Essa lei, aprovada por 62 votos a favor, 55 contra e 2 abstenções, define várias questões que estavam em aberto mas que não haviam sido discutidas devido à grande liberdade democrática que o país vive, sendo, indiscutivelmente, a única nação do oriente com uma democracia liberal. Porém a ei aprovada hoje pelo Knesset coloca em xeque essa realidade, tornando Israel alvo de inúmeras queixas e protestos dentro do seu território e também no mundo.

Reação contrária à decisão judia

Ayman Odeh, chefe da Lista Conjunta Árabe, disse: "Essa é uma lei do mal, uma bandeira negra paira sobre ela". E segurando uma bandeira negra no parlamento, falou: "Hoje, terei que dizer aos meus filhos e aos flhos árabes, que o Estado não nos quer aqui".

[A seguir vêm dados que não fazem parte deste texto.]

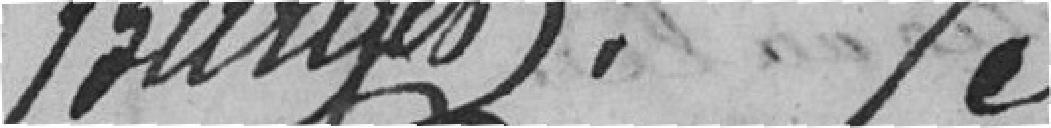
Burger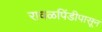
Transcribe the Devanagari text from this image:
रावळपिंडीपासून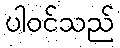
ပါဝင်သည်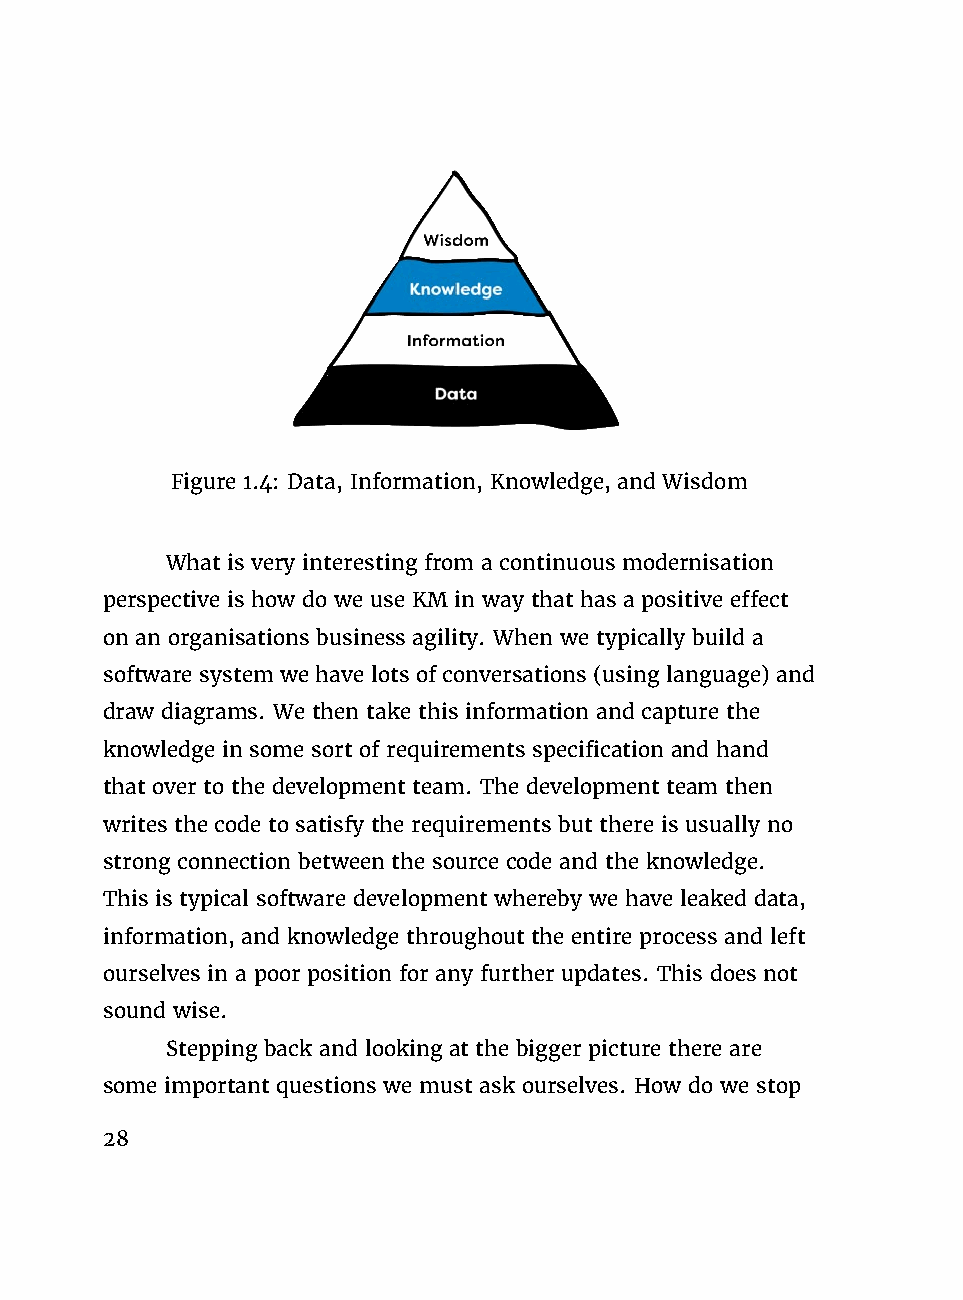
Figure 1.4: Data, Information, Knowledge, and Wisdom
 What is very interesting from a continuous modernisation
 perspective is how do we use KM in way that has a positive effect
 on an organisations business agility. When we typically build a
 software system we have lots of conversations (using language) and
 draw diagrams. We then take this information and capture the
 knowledge in some sort of requirements specification and hand
 that over to the development team. The development team then
 writes the code to satisfy the requirements but there is usually no
 strong connection between the source code and the knowledge.
 This is typical software development whereby we have leaked data,
 information, and knowledge throughout the entire process and left
 ourselves in a poor position for any further updates. This does not
 sound wise.
 Stepping back and looking at the bigger picture there are
 some important questions we must ask ourselves. How do we stop
 28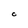
Character: C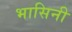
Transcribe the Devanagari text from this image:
भासिनी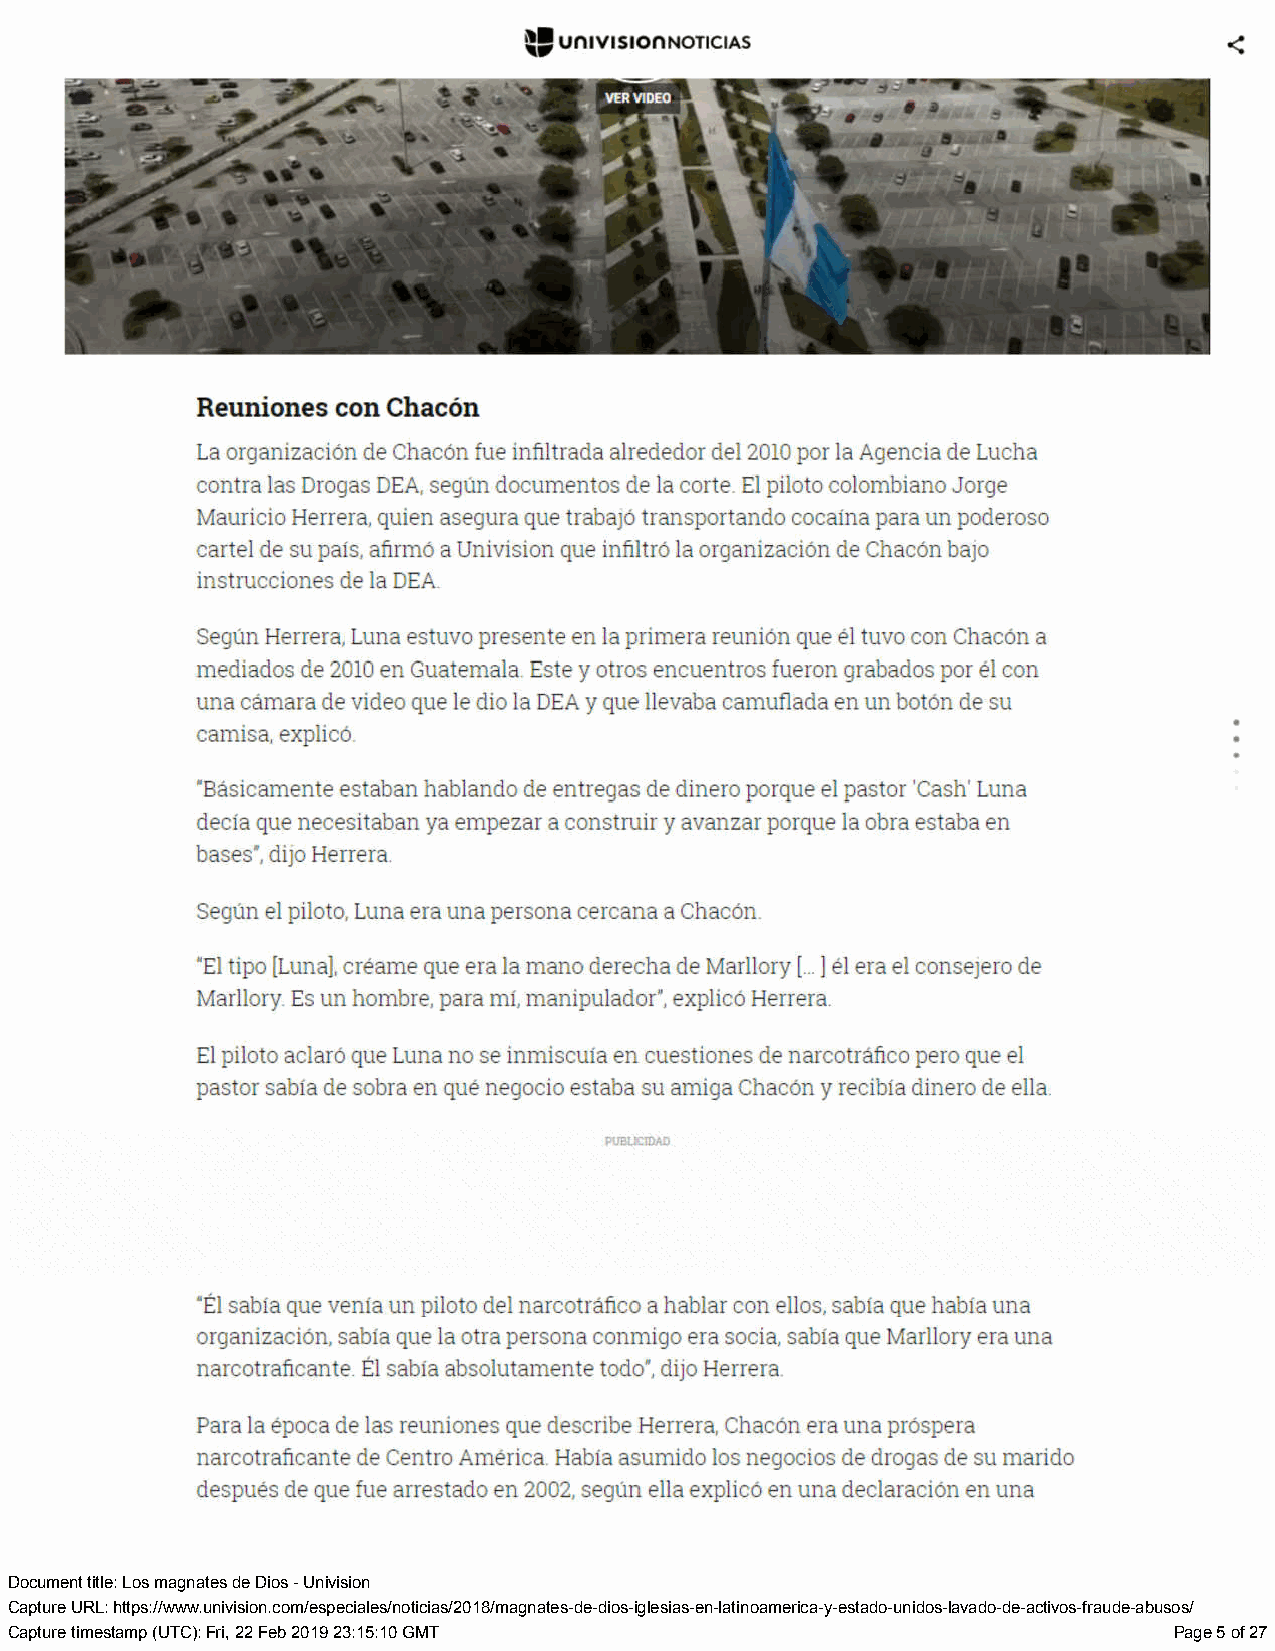
Document title: Los magnates de Dios - Univision
 Capture URL: https://www.univision.com/especiales/noticias/2018/magnates-de-dios-iglesias-en-latinoamerica-y-estado-unidos-lavado-de-activos-fraude-abusos/
 Capture timestamp (UTC): Fri, 22 Feb 2019 23:15:10 GMT                        Page 5 of 27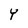
Character: Y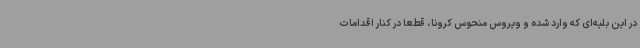
در این بلیه‌ای که وارد شده و ویروس منحوس کرونا، قطعا در کنار اقدامات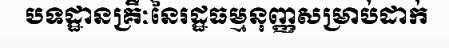
បទដ្ឋានគ្រឹៈនៃរដ្ឋធម្មនុញ្ញសម្រាប់ដាក់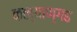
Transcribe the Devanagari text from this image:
कल्याण्गढ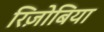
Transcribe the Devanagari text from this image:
रिज़ोबिया

Reação a favor da decisão judia

O primeiro-ministro, Benyamin Netanyahu, declarou: "Este é um momento fundamental da história do sionismo porque estabelece por lei o princípio básico de nossa existência".

O que determina a lei na prática

A Lei de Estado-nação judaica, na realidade, foi feita para garantir alguns direitos com quais os judeus sempre sonharam, afinal, poucas vezes em sua história os judeus puderam se orgulhar de ter um país só seu e independente.

Além do mais, Israel sofre com a negativa dos países vizinhos árabes em reconhecer a sua existência, o que torna natural a resistência em aceitar essa lei.

Outro objetivo dessa lei é dar o direito de qualquer pessoa com origem judia se repatriar e ter cidadania israelense. E reconhece, finalmente, Jerusalém como capital de Israel; o hebraico se torna o único idioma oficial; Israel se torna um Estado exclusivamente judeu e estimula a expansão de colônias israelenses em território palestino.